*** Opening of Data excerpts ***

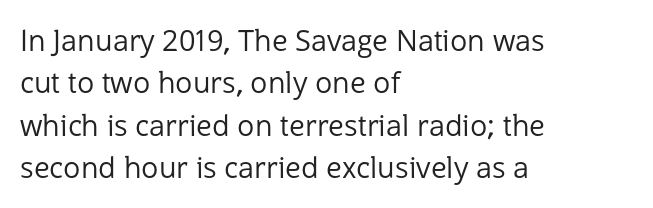
The image shows 29 px regular-weight sans-serif type, upright; set left-aligned, normal line spacing (1.46x), normal letter spacing, not underlined; low stroke contrast and a medium x-height.
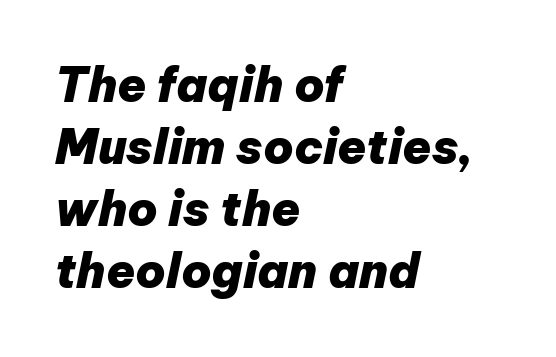
Q: Is the text bold? A: Yes.
Q: Is the text italic (slanted)? A: Yes, it leans right by about 12 degrees.
Q: Is the text underlined? A: No.
Q: How is the paragraph aligned? A: Left-aligned.
Q: Is the spacing between letters normal or unusually wide? A: Normal.
Q: Is the spacing between lines tight, normal or loose? A: Normal.
Q: Width (condensed, normal, or wide)? A: Normal.
Q: Stroke contrast? A: Low.
Q: x-height? A: Medium.
Q: Monospaced? A: No.
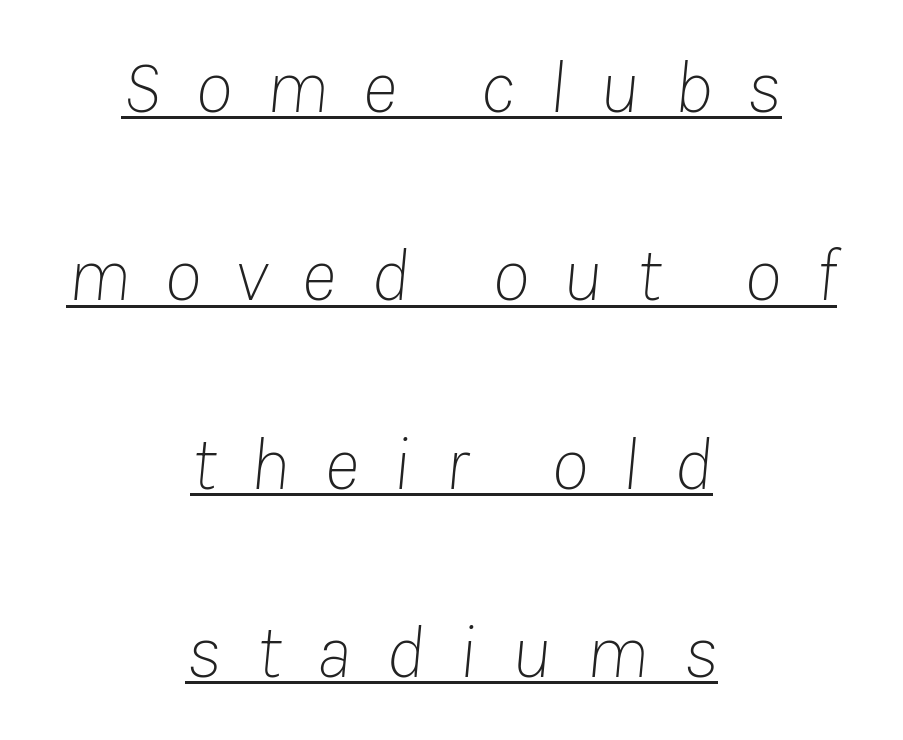
{"italic": "yes", "lean": "right", "slant_degrees": 8, "bold": "no", "weight": "thin", "width": "normal", "stroke_contrast": "low", "x_height": "medium", "monospaced": "no", "underline": "yes", "align": "center", "line_spacing": "loose", "line_spacing_ratio": 2.48, "letter_spacing": "wide", "letter_spacing_em": 0.45, "glyph_px": 76}
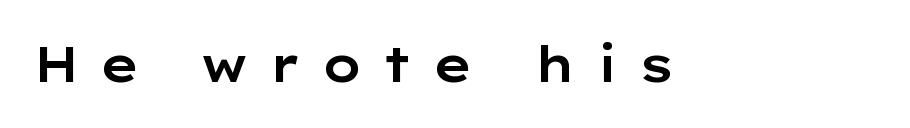
Q: Is the text italic (slanted)? A: No, it is upright.
Q: Is the typeface a serif or a sans-serif typeface? A: Sans-serif.
Q: Is the text underlined? A: No.
Q: Is the spacing between letters normal or unusually wide? A: Unusually wide.
Q: Width (condensed, normal, or wide)? A: Wide.
Q: Stroke contrast? A: Low.
Q: x-height? A: Medium.
Q: Monospaced? A: No.
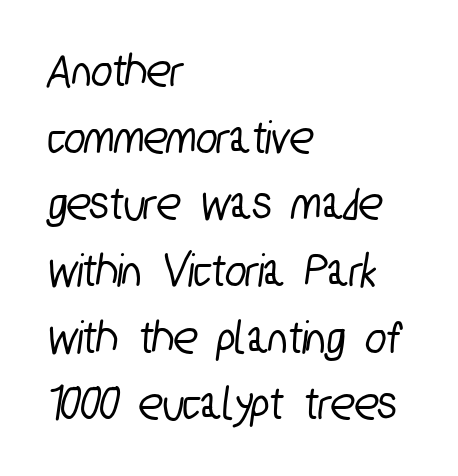
Q: Is the typeface a serif or a sans-serif typeface? A: Sans-serif.
Q: Is the text underlined? A: No.
Q: How is the paragraph aligned? A: Left-aligned.
Q: Is the spacing between letters normal or unusually wide? A: Normal.
Q: Is the spacing between lines tight, normal or loose? A: Normal.
Q: Width (condensed, normal, or wide)? A: Condensed.
Q: Stroke contrast? A: Low.
Q: x-height? A: Medium.
Q: Monospaced? A: No.
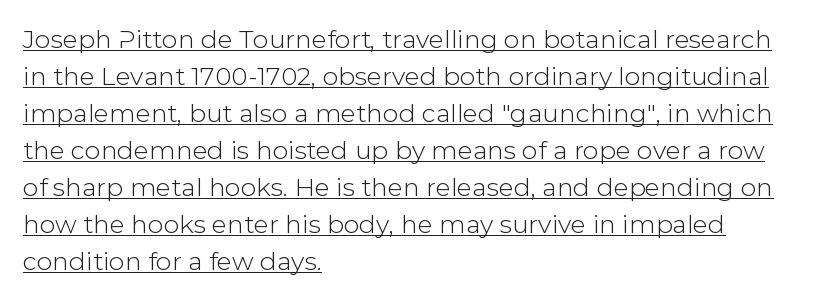
Q: Is the text italic (slanted)? A: No, it is upright.
Q: Is the text underlined? A: Yes.
Q: How is the paragraph aligned? A: Left-aligned.
Q: Is the spacing between letters normal or unusually wide? A: Normal.
Q: Is the spacing between lines tight, normal or loose? A: Normal.
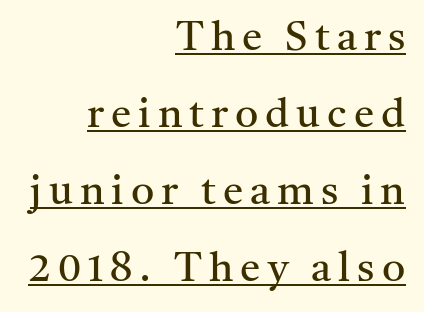
{"serif": "yes", "italic": "no", "bold": "no", "weight": "regular", "width": "normal", "stroke_contrast": "medium", "x_height": "medium", "monospaced": "no", "underline": "yes", "align": "right", "line_spacing_ratio": 1.88, "glyph_px": 41}
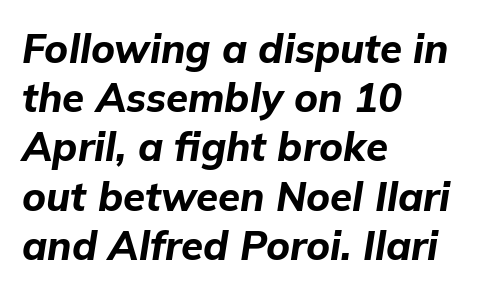
The ragged edge is on the right, which tells us the setting is flush left. Look at the tracking — it's just the regular setting, nothing added. A typesetter would mark this as italic. Character widths vary here, with narrow letters taking less room than wide ones. Beneath every word, the page is bare. As a designer I'd log this as weight 700, bold.
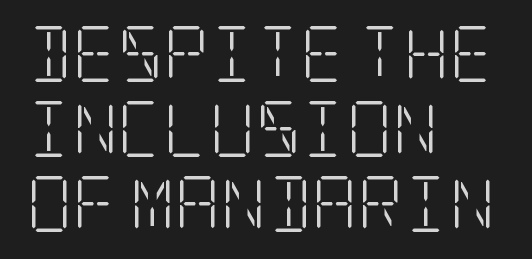
Q: Is the text bold? A: No.
Q: Is the text italic (slanted)? A: No, it is upright.
Q: Is the typeface a serif or a sans-serif typeface? A: Serif.
Q: Is the text underlined? A: No.
Q: How is the paragraph aligned? A: Left-aligned.
Q: Is the spacing between letters normal or unusually wide? A: Normal.
Q: Is the spacing between lines tight, normal or loose? A: Normal.
Q: Width (condensed, normal, or wide)? A: Condensed.
Q: Stroke contrast? A: Low.
Q: x-height? A: Large.
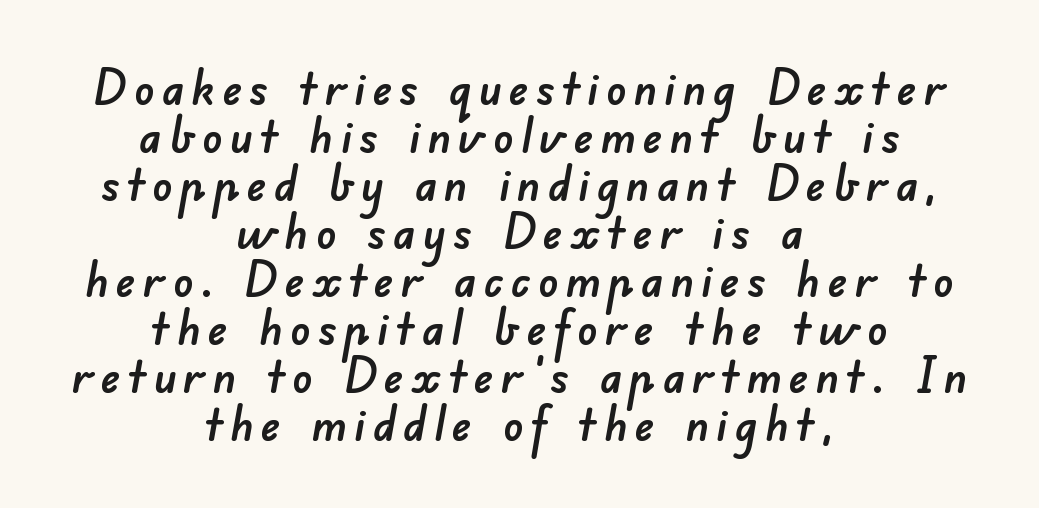
{"serif": "no", "width": "normal", "stroke_contrast": "low", "x_height": "small", "monospaced": "no", "underline": "no", "align": "center", "line_spacing": "tight", "line_spacing_ratio": 0.96, "glyph_px": 50}
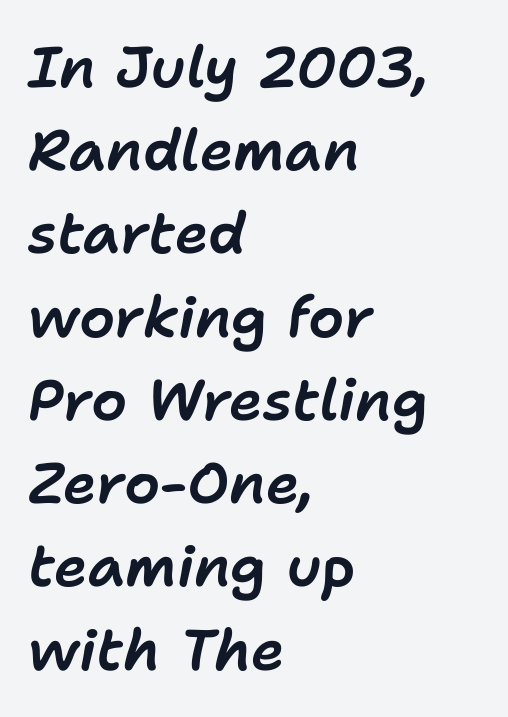
{"italic": "yes", "lean": "right", "slant_degrees": 11, "width": "normal", "stroke_contrast": "low", "x_height": "medium", "monospaced": "no", "underline": "no", "align": "left", "line_spacing": "normal", "line_spacing_ratio": 1.46, "letter_spacing": "normal", "letter_spacing_em": 0.0, "glyph_px": 57}
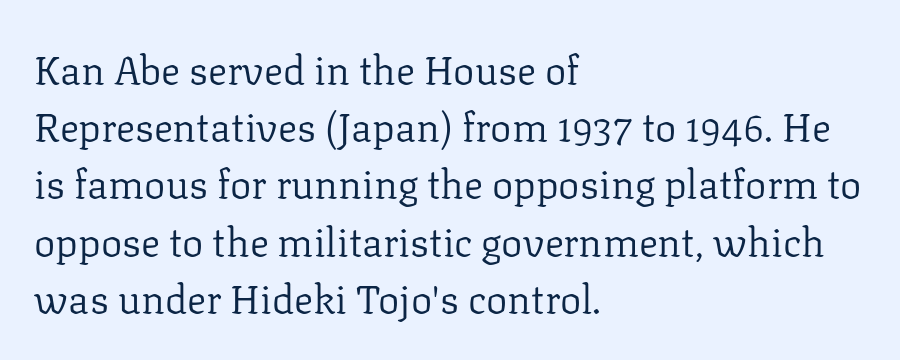
The compositor pushed each line to the left boundary. One glance says typical: line gaps are just what's usual. The weight would be labelled regular, book, light, or lighter still. These lines were composed using upright roman letters.
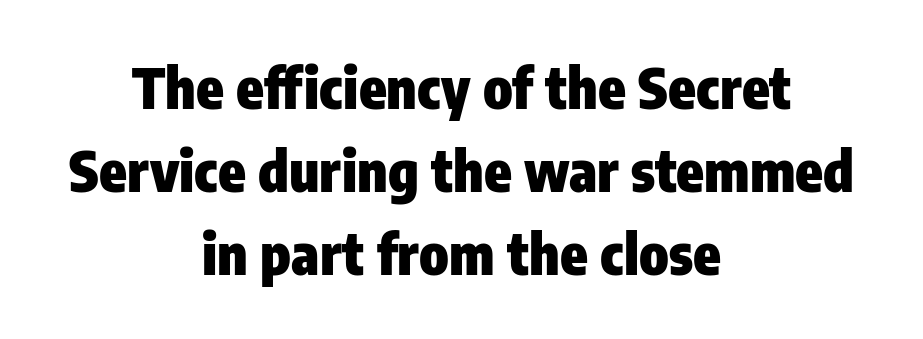
Q: Is the text bold? A: Yes.
Q: Is the text italic (slanted)? A: No, it is upright.
Q: Is the typeface a serif or a sans-serif typeface? A: Sans-serif.
Q: Is the text underlined? A: No.
Q: How is the paragraph aligned? A: Centered.
Q: Is the spacing between letters normal or unusually wide? A: Normal.
Q: Is the spacing between lines tight, normal or loose? A: Normal.
Q: Width (condensed, normal, or wide)? A: Condensed.
Q: Stroke contrast? A: Low.
Q: x-height? A: Medium.
Q: Monospaced? A: No.
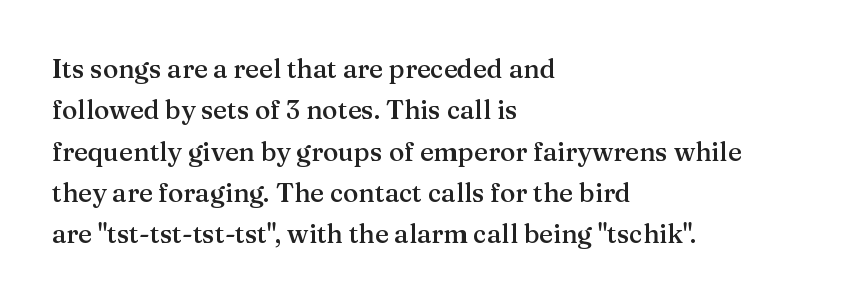
The lines are quadded left. Descenders hang freely into open space. Semibold letterforms, between regular and bold. Observe the ordinary spacing: letters are neighbours, not strangers.
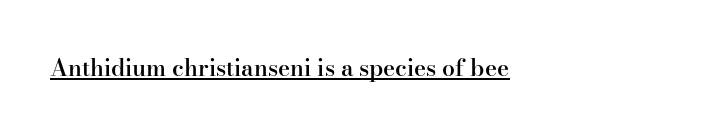
The image shows 23 px text type, upright; set left-aligned, normal letter spacing, underlined.
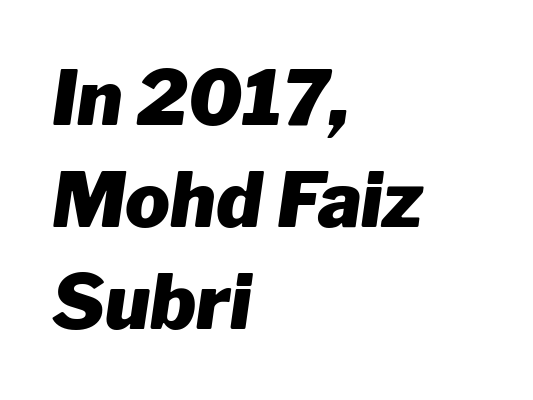
The rag falls on the right side of this text block. The font's italic variant was chosen for this text. Words appear dense and cohesive because spacing is normal. Honestly, the row spacing looks completely unremarkable. Character widths vary here, with narrow letters taking less room than wide ones.
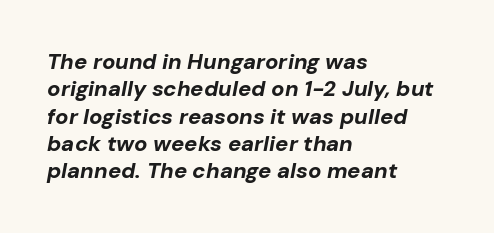
Q: Is the text bold? A: Yes.
Q: Is the text italic (slanted)? A: Yes, it leans right by about 10 degrees.
Q: Is the text underlined? A: No.
Q: How is the paragraph aligned? A: Left-aligned.
Q: Is the spacing between letters normal or unusually wide? A: Normal.
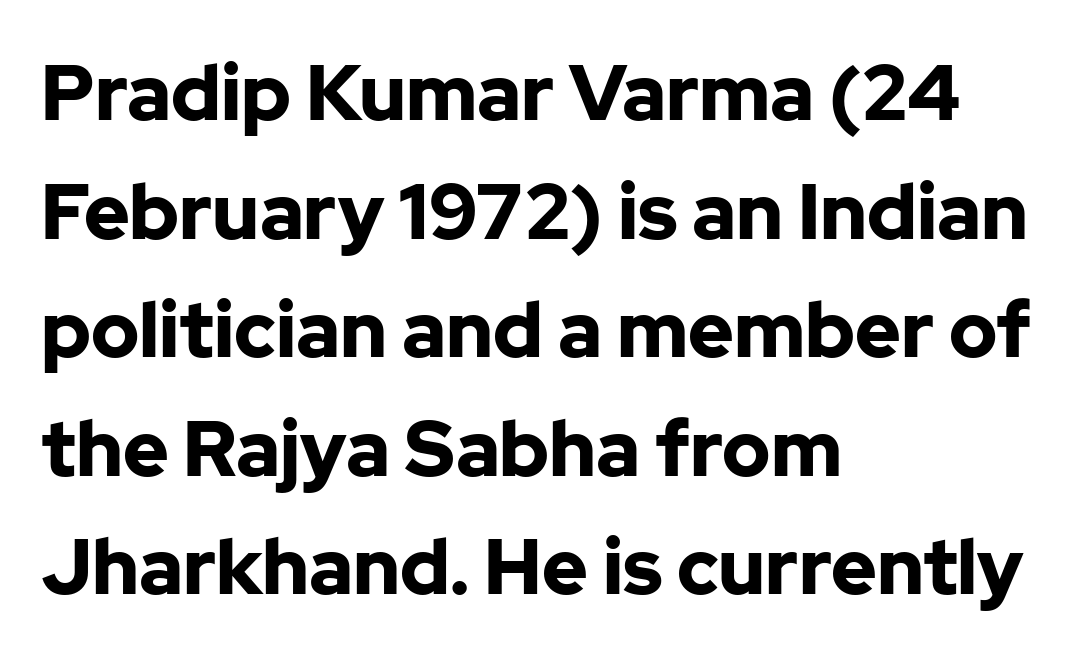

*** Close of Data excerpts ***

■ **Task to complete**
An exact copy of all the data above is required; omit any pictures.

■ **Response**
The image shows 29 px regular-weight sans-serif type, upright; set left-aligned, normal line spacing (1.46x), normal letter spacing, not underlined; low stroke contrast and a medium x-height.
Q: Is the text bold? A: Yes.
Q: Is the text italic (slanted)? A: Yes, it leans right by about 12 degrees.
Q: Is the text underlined? A: No.
Q: How is the paragraph aligned? A: Left-aligned.
Q: Is the spacing between letters normal or unusually wide? A: Normal.
Q: Is the spacing between lines tight, normal or loose? A: Normal.
Q: Width (condensed, normal, or wide)? A: Normal.
Q: Stroke contrast? A: Low.
Q: x-height? A: Medium.
Q: Monospaced? A: No.
{"italic": "yes", "lean": "right", "slant_degrees": 8, "bold": "no", "weight": "thin", "width": "normal", "stroke_contrast": "low", "x_height": "medium", "monospaced": "no", "underline": "yes", "align": "center", "line_spacing": "loose", "line_spacing_ratio": 2.48, "letter_spacing": "wide", "letter_spacing_em": 0.45, "glyph_px": 76}
Q: Is the text italic (slanted)? A: No, it is upright.
Q: Is the typeface a serif or a sans-serif typeface? A: Sans-serif.
Q: Is the text underlined? A: No.
Q: Is the spacing between letters normal or unusually wide? A: Unusually wide.
Q: Width (condensed, normal, or wide)? A: Wide.
Q: Stroke contrast? A: Low.
Q: x-height? A: Medium.
Q: Monospaced? A: No.
Q: Is the typeface a serif or a sans-serif typeface? A: Sans-serif.
Q: Is the text underlined? A: No.
Q: How is the paragraph aligned? A: Left-aligned.
Q: Is the spacing between letters normal or unusually wide? A: Normal.
Q: Is the spacing between lines tight, normal or loose? A: Normal.
Q: Width (condensed, normal, or wide)? A: Condensed.
Q: Stroke contrast? A: Low.
Q: x-height? A: Medium.
Q: Monospaced? A: No.
Q: Is the text italic (slanted)? A: No, it is upright.
Q: Is the text underlined? A: Yes.
Q: How is the paragraph aligned? A: Left-aligned.
Q: Is the spacing between letters normal or unusually wide? A: Normal.
Q: Is the spacing between lines tight, normal or loose? A: Normal.
{"serif": "yes", "italic": "no", "bold": "no", "weight": "regular", "width": "normal", "stroke_contrast": "medium", "x_height": "medium", "monospaced": "no", "underline": "yes", "align": "right", "line_spacing_ratio": 1.88, "glyph_px": 41}
The ragged edge is on the right, which tells us the setting is flush left. Look at the tracking — it's just the regular setting, nothing added. A typesetter would mark this as italic. Character widths vary here, with narrow letters taking less room than wide ones. Beneath every word, the page is bare. As a designer I'd log this as weight 700, bold.
Q: Is the text bold? A: No.
Q: Is the text italic (slanted)? A: No, it is upright.
Q: Is the typeface a serif or a sans-serif typeface? A: Serif.
Q: Is the text underlined? A: No.
Q: How is the paragraph aligned? A: Left-aligned.
Q: Is the spacing between letters normal or unusually wide? A: Normal.
Q: Is the spacing between lines tight, normal or loose? A: Normal.
Q: Width (condensed, normal, or wide)? A: Condensed.
Q: Stroke contrast? A: Low.
Q: x-height? A: Large.
{"serif": "no", "width": "normal", "stroke_contrast": "low", "x_height": "small", "monospaced": "no", "underline": "no", "align": "center", "line_spacing": "tight", "line_spacing_ratio": 0.96, "glyph_px": 50}
{"italic": "yes", "lean": "right", "slant_degrees": 11, "width": "normal", "stroke_contrast": "low", "x_height": "medium", "monospaced": "no", "underline": "no", "align": "left", "line_spacing": "normal", "line_spacing_ratio": 1.46, "letter_spacing": "normal", "letter_spacing_em": 0.0, "glyph_px": 57}
The compositor pushed each line to the left boundary. One glance says typical: line gaps are just what's usual. The weight would be labelled regular, book, light, or lighter still. These lines were composed using upright roman letters.
Q: Is the text bold? A: Yes.
Q: Is the text italic (slanted)? A: No, it is upright.
Q: Is the typeface a serif or a sans-serif typeface? A: Sans-serif.
Q: Is the text underlined? A: No.
Q: How is the paragraph aligned? A: Centered.
Q: Is the spacing between letters normal or unusually wide? A: Normal.
Q: Is the spacing between lines tight, normal or loose? A: Normal.
Q: Width (condensed, normal, or wide)? A: Condensed.
Q: Stroke contrast? A: Low.
Q: x-height? A: Medium.
Q: Monospaced? A: No.
The lines are quadded left. Descenders hang freely into open space. Semibold letterforms, between regular and bold. Observe the ordinary spacing: letters are neighbours, not strangers.
The image shows 23 px text type, upright; set left-aligned, normal letter spacing, underlined.
The rag falls on the right side of this text block. The font's italic variant was chosen for this text. Words appear dense and cohesive because spacing is normal. Honestly, the row spacing looks completely unremarkable. Character widths vary here, with narrow letters taking less room than wide ones.
Q: Is the text bold? A: Yes.
Q: Is the text italic (slanted)? A: Yes, it leans right by about 10 degrees.
Q: Is the text underlined? A: No.
Q: How is the paragraph aligned? A: Left-aligned.
Q: Is the spacing between letters normal or unusually wide? A: Normal.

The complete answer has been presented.